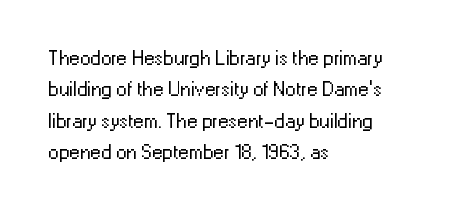
{"italic": "no", "bold": "no", "underline": "no", "align": "left", "line_spacing": "normal", "line_spacing_ratio": 1.49, "letter_spacing": "normal", "letter_spacing_em": 0.0, "glyph_px": 21}
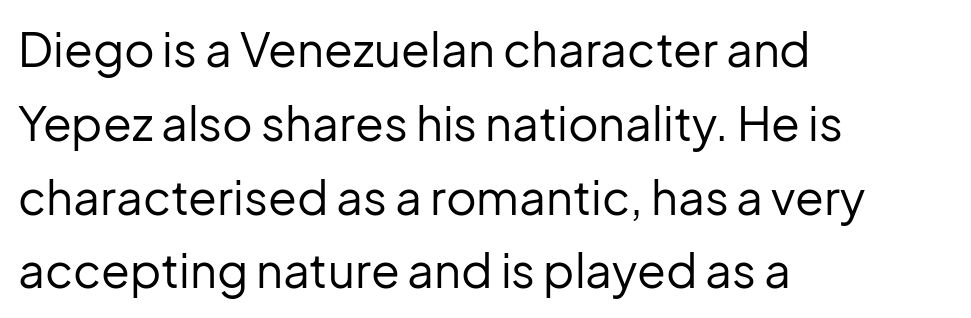
Varying glyph widths throughout — classic text-font behaviour. Nothing heavy about these letters — not bold at all. Teacher's note: observe the even left margin — that is flush-left alignment. The face used here is rendered with its standard letterfit. Does the lettering tilt? It doesn't — this is upright. Does the type have serifs? No, each stem ends abruptly.
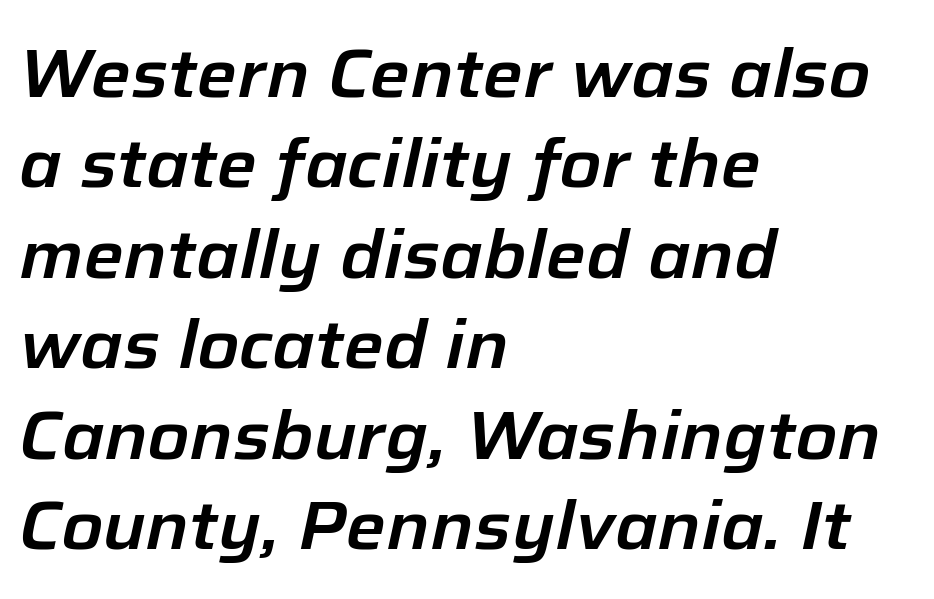
The image shows 68 px text type, italic (leaning right); set left-aligned, normal line spacing (1.33x), normal letter spacing, not underlined; low stroke contrast and a medium x-height.
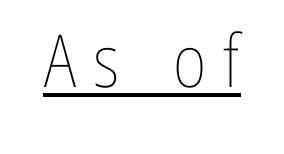
The characters are drawn with everyday or finer stroke widths. These lines are rendered in a variable-pitch font. It's the straight-up-and-down kind of type. The gaps between neighbouring characters are conspicuously large. Notice how a bar underscores the lettering throughout.

- **WHAT THE EXERCISE ASKS**: The material above should be repeated word for word, with every picture omitted.

- **TASK ANSWER**:
{"italic": "no", "bold": "no", "underline": "no", "align": "left", "line_spacing": "normal", "line_spacing_ratio": 1.49, "letter_spacing": "normal", "letter_spacing_em": 0.0, "glyph_px": 21}
Varying glyph widths throughout — classic text-font behaviour. Nothing heavy about these letters — not bold at all. Teacher's note: observe the even left margin — that is flush-left alignment. The face used here is rendered with its standard letterfit. Does the lettering tilt? It doesn't — this is upright. Does the type have serifs? No, each stem ends abruptly.
The image shows 68 px text type, italic (leaning right); set left-aligned, normal line spacing (1.33x), normal letter spacing, not underlined; low stroke contrast and a medium x-height.
The characters are drawn with everyday or finer stroke widths. These lines are rendered in a variable-pitch font. It's the straight-up-and-down kind of type. The gaps between neighbouring characters are conspicuously large. Notice how a bar underscores the lettering throughout.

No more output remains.